**GOAL OF THE EXERCISE:**
Print only the lines below from the one with "Character: 縺" to the one with "Character: 𱚉", both included, exactly as they stand. Leave pictures out.

Records from a data collection:
..........

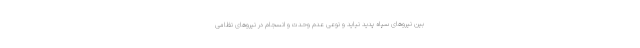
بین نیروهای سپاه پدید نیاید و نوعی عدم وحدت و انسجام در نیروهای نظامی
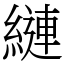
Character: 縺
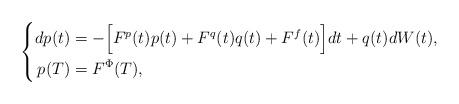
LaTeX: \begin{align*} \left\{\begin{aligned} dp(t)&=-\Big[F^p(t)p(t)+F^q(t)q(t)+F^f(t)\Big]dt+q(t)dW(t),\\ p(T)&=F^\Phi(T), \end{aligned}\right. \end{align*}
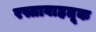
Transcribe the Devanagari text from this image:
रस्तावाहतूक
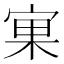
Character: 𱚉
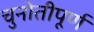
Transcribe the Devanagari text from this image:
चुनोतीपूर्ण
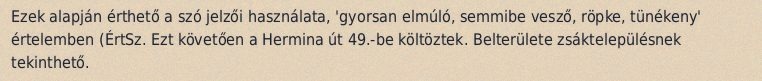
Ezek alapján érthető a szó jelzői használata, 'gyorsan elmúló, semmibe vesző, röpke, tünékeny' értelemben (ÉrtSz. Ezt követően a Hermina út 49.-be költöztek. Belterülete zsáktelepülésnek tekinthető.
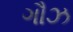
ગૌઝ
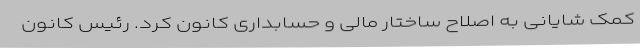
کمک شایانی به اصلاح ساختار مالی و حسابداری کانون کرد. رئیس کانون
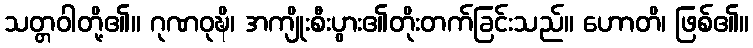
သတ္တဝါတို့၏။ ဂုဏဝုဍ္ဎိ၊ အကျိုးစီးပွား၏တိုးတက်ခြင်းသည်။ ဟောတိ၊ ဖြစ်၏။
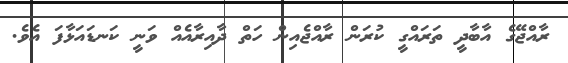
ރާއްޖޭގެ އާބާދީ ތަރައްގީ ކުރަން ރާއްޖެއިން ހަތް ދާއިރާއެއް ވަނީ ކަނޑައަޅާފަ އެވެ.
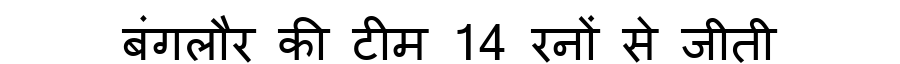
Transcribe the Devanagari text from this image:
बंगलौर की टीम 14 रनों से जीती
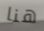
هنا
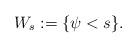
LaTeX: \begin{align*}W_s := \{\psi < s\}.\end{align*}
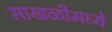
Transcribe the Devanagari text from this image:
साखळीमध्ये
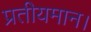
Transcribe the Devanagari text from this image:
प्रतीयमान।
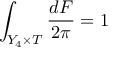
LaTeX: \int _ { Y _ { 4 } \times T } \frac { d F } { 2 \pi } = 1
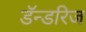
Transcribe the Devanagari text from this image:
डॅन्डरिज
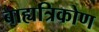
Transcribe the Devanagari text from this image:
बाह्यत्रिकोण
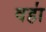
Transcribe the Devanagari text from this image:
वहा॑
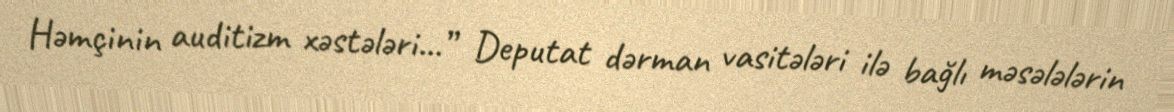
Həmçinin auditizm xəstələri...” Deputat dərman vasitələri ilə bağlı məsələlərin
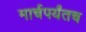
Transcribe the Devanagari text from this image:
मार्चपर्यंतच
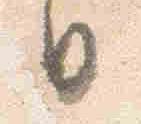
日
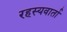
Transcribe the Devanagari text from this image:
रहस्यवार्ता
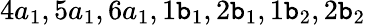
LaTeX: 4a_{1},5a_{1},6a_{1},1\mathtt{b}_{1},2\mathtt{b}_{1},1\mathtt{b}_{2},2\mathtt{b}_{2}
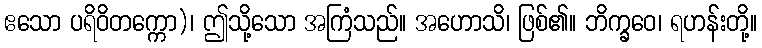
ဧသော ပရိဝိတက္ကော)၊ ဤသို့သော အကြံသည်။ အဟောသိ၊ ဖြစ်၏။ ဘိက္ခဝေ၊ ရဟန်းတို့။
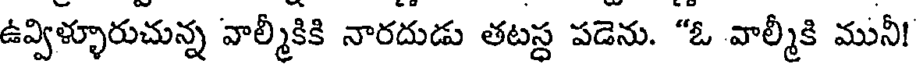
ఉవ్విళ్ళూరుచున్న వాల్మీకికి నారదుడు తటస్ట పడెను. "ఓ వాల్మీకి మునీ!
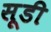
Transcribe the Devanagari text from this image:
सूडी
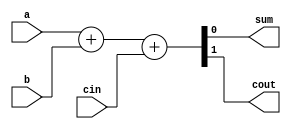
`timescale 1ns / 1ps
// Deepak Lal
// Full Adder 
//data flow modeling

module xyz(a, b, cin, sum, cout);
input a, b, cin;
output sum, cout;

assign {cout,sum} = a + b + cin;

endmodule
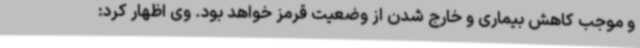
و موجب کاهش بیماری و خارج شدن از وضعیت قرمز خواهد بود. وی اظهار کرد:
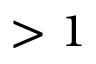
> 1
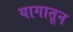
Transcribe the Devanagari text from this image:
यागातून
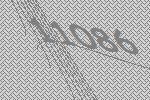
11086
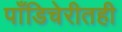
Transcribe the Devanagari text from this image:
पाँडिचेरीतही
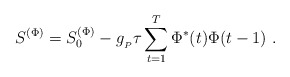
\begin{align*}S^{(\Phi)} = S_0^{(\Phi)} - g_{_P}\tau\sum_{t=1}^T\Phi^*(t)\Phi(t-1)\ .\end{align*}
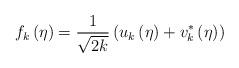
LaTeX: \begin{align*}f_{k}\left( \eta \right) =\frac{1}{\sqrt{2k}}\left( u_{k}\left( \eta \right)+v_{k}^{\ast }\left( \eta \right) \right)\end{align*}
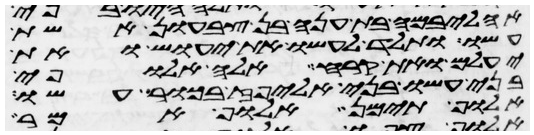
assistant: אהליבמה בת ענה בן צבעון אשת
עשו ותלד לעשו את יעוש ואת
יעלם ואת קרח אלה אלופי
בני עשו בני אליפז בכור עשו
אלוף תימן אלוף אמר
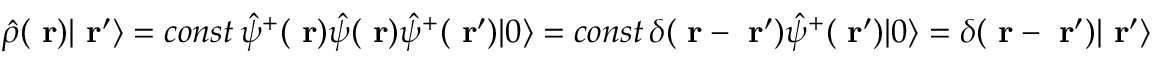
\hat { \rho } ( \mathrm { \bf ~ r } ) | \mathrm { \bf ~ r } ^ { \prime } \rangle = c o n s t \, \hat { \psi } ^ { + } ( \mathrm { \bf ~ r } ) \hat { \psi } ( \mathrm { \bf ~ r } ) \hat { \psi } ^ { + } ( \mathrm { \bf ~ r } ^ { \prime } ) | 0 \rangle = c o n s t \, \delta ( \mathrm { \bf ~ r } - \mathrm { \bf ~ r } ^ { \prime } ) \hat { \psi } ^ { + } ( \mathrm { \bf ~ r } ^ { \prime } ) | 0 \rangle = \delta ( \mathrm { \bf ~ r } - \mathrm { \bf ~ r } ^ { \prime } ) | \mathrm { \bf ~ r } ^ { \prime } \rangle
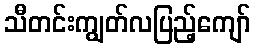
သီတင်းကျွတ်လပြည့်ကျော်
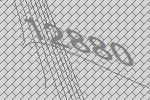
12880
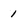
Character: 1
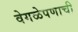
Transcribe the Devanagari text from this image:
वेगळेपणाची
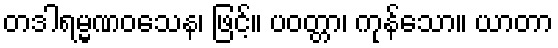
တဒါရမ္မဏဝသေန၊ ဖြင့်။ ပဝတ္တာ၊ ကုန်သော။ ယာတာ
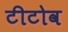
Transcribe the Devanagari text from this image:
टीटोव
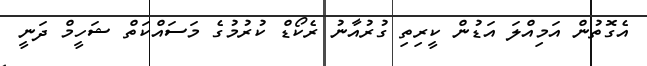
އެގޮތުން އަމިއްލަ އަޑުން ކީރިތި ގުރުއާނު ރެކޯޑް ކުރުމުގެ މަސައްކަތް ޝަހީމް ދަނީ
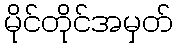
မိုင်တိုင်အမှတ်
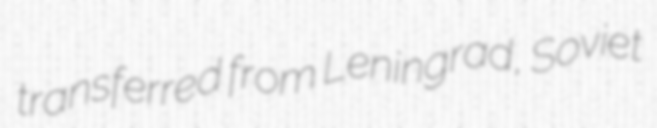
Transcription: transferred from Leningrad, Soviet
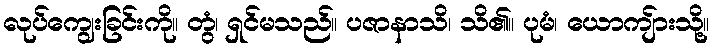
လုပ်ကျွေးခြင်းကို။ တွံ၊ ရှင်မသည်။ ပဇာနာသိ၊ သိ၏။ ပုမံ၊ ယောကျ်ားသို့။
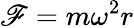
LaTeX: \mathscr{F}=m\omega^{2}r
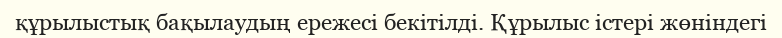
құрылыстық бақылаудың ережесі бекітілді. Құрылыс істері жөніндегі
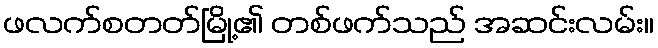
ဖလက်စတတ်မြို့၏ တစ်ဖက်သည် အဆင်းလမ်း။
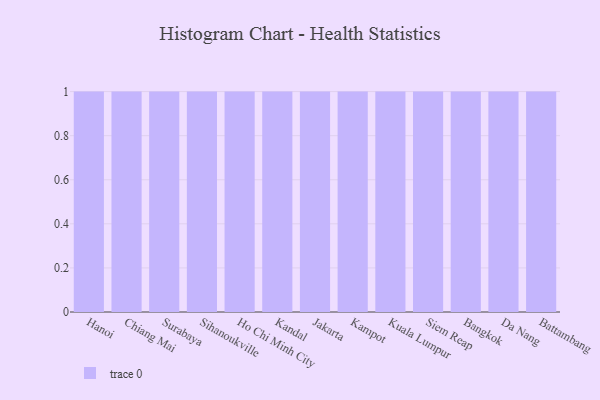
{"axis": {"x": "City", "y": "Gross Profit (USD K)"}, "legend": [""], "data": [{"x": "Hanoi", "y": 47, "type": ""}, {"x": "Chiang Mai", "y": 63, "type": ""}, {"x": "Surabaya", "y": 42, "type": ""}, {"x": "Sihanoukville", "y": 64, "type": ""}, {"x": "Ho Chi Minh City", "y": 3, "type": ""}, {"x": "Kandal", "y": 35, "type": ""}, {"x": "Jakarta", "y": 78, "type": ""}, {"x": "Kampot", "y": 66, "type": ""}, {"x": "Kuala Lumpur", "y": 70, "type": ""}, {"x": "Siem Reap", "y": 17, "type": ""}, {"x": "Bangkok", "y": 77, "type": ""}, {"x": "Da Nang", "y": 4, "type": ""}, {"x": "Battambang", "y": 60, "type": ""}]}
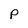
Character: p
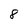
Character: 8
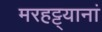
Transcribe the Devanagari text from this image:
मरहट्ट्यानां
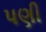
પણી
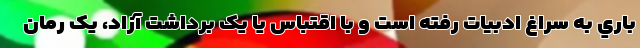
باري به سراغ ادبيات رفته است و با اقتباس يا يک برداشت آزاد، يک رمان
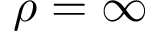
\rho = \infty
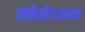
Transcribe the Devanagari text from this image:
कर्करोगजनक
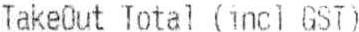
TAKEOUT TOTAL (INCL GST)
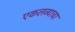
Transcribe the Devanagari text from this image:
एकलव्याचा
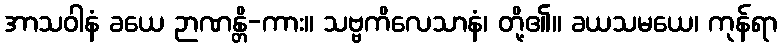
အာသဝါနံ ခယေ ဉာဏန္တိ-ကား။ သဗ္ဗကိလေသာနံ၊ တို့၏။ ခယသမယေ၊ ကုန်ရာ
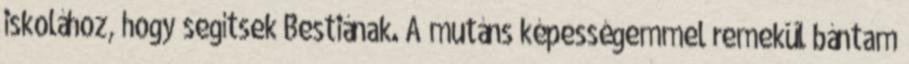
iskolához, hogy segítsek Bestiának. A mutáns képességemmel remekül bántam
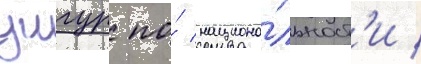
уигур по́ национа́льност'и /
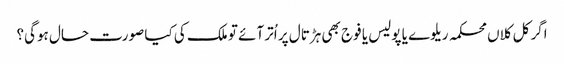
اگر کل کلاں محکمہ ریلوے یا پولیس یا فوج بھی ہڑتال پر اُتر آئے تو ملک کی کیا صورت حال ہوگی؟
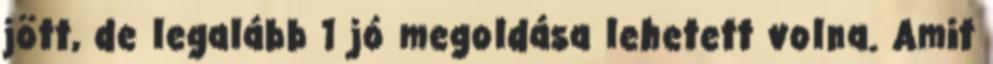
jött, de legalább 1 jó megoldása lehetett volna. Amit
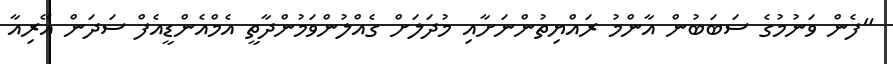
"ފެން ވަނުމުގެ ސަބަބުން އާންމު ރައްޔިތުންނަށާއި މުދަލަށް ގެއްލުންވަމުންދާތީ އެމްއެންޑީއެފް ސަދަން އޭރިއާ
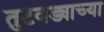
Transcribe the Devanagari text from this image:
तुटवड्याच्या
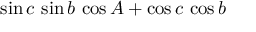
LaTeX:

..........

**TASK RESPONSE:**
Character: 縺
LaTeX: \begin{align*} \left\{\begin{aligned} dp(t)&=-\Big[F^p(t)p(t)+F^q(t)q(t)+F^f(t)\Big]dt+q(t)dW(t),\\ p(T)&=F^\Phi(T), \end{aligned}\right. \end{align*}
Transcribe the Devanagari text from this image:
रस्तावाहतूक
Character: 𱚉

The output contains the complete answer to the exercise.